When a line in the records contains the string "high", copy that line.

+++

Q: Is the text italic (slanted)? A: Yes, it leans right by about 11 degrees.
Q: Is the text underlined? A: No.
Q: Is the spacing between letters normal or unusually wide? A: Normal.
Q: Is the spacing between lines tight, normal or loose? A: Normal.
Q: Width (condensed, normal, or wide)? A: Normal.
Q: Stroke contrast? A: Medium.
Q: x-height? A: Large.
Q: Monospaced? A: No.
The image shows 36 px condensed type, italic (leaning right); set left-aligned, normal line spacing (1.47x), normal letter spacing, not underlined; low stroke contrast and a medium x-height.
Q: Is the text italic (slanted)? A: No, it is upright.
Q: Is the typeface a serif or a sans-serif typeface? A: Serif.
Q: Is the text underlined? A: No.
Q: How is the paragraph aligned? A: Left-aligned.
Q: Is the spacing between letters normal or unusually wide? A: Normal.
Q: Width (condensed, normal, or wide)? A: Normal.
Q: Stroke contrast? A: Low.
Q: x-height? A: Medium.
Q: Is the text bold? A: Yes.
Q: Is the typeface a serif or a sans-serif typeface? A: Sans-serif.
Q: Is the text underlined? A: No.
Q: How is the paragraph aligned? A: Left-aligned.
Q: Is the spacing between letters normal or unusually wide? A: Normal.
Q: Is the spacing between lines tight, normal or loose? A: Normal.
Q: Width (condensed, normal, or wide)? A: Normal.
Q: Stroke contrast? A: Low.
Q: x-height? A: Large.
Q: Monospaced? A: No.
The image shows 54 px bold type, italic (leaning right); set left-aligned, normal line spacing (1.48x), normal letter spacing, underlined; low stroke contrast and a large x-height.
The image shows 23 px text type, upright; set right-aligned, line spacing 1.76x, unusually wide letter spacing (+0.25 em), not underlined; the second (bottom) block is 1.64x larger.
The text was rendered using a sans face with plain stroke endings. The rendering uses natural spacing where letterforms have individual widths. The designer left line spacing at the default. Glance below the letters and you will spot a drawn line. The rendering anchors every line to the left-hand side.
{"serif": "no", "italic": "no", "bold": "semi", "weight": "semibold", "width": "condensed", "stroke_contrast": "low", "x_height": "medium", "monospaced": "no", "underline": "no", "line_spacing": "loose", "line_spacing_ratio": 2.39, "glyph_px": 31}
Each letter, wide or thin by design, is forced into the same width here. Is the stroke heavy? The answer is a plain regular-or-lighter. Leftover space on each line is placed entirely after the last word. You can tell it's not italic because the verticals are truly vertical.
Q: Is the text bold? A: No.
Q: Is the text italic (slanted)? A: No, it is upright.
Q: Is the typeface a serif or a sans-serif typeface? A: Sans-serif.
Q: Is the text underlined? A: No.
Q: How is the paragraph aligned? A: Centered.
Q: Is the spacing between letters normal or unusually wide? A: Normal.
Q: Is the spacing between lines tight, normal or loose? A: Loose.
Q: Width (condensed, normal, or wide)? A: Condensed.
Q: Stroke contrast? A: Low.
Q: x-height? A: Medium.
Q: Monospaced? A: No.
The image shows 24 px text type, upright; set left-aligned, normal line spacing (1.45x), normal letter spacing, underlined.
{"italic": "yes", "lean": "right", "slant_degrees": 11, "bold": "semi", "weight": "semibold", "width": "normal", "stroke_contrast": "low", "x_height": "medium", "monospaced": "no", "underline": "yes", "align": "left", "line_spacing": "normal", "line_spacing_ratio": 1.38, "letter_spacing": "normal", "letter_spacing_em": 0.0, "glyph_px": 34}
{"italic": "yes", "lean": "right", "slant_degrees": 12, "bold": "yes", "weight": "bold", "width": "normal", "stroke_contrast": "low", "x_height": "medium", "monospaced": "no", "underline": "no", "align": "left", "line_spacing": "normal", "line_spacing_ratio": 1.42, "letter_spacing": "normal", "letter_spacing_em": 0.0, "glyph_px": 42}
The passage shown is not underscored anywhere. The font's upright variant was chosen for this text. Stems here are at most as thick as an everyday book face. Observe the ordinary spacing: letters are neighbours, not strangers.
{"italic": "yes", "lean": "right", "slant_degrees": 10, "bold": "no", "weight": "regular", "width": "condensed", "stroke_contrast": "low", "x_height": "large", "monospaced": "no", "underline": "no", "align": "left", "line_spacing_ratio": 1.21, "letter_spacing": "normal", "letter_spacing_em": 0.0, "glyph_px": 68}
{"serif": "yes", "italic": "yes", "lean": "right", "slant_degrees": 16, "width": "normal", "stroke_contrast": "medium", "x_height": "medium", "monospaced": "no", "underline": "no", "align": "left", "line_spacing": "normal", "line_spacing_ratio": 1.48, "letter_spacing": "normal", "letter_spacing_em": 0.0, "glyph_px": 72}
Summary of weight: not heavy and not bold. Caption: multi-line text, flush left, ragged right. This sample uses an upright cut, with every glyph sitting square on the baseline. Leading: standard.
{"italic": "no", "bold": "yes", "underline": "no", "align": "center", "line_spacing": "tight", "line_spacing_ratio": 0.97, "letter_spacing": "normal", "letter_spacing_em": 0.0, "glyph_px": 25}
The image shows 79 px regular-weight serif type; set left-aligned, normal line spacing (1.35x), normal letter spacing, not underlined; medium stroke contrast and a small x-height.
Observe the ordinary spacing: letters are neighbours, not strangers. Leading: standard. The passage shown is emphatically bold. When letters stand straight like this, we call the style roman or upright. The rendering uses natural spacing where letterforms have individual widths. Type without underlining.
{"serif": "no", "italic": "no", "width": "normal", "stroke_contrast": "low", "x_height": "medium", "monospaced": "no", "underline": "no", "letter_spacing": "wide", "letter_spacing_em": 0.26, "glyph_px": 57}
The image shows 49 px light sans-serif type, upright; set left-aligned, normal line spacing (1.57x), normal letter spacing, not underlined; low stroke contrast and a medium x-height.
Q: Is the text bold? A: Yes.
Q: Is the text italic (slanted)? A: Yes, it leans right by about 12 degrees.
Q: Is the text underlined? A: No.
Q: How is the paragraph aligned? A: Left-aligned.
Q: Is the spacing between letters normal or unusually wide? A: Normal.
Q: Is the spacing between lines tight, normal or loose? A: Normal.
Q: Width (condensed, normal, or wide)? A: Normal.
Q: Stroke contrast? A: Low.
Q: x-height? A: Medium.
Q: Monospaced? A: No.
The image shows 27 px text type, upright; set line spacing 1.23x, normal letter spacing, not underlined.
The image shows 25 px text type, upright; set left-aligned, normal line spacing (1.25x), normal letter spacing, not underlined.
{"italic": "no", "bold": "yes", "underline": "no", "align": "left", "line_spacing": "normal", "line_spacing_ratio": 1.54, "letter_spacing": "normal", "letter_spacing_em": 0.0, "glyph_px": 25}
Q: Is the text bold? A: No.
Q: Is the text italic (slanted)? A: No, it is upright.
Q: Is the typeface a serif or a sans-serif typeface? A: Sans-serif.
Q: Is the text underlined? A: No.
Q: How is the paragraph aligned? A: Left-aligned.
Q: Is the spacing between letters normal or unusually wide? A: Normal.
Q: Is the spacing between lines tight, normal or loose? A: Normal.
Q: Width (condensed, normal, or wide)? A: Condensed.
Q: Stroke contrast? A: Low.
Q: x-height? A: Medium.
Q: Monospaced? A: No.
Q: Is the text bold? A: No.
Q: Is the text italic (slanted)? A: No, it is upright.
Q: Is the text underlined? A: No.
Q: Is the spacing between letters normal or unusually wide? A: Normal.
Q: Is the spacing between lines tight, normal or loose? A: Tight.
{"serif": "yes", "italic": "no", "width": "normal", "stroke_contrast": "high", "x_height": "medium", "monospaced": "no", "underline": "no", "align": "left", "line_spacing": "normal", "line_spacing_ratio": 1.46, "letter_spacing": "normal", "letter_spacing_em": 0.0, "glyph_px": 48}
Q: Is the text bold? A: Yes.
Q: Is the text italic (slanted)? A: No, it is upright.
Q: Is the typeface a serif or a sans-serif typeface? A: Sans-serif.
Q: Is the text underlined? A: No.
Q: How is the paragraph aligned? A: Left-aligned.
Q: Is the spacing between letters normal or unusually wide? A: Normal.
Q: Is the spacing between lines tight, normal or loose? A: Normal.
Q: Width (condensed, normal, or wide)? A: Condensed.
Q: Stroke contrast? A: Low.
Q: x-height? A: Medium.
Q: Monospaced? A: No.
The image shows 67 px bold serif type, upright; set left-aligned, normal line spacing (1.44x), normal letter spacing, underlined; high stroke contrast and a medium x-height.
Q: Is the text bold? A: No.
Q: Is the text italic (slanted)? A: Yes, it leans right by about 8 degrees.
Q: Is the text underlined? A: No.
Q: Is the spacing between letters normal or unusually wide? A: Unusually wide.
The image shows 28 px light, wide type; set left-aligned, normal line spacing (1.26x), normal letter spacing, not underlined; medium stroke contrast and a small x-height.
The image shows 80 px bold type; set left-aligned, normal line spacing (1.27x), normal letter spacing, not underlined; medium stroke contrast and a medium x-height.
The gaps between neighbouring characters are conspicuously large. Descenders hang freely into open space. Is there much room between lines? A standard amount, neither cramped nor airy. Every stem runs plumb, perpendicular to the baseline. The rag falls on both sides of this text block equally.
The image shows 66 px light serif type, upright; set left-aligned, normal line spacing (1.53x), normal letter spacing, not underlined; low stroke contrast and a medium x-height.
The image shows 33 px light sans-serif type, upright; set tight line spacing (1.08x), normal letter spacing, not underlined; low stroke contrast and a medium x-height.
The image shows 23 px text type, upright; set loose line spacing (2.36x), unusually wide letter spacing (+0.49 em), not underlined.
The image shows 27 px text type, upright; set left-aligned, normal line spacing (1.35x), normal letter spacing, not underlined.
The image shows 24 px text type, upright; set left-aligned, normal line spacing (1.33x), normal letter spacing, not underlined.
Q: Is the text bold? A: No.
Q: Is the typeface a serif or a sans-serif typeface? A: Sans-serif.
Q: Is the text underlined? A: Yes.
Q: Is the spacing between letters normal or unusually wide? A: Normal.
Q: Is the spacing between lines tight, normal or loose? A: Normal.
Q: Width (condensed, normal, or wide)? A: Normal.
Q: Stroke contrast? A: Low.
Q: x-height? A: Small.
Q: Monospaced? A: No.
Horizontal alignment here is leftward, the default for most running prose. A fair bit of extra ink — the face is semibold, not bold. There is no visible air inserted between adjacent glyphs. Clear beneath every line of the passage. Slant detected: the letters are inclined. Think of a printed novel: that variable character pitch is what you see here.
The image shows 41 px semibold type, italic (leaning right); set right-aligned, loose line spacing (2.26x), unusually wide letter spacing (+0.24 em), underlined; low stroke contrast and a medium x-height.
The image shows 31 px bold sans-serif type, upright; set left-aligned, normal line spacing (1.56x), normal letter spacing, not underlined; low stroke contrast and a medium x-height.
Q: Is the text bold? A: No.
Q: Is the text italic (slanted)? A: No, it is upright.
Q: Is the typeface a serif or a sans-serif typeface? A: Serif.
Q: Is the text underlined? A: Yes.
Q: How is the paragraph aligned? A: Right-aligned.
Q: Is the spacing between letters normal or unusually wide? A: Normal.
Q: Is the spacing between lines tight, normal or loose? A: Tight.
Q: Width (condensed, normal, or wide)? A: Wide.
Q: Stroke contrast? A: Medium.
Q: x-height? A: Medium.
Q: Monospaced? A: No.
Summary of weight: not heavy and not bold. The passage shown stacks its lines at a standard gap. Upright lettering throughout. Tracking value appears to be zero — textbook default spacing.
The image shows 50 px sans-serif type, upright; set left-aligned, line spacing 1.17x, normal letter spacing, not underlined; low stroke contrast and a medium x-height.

+++

▸ **Result below**
{"serif": "yes", "italic": "no", "width": "normal", "stroke_contrast": "high", "x_height": "medium", "monospaced": "no", "underline": "no", "align": "left", "line_spacing": "normal", "line_spacing_ratio": 1.46, "letter_spacing": "normal", "letter_spacing_em": 0.0, "glyph_px": 48}
The image shows 67 px bold serif type, upright; set left-aligned, normal line spacing (1.44x), normal letter spacing, underlined; high stroke contrast and a medium x-height.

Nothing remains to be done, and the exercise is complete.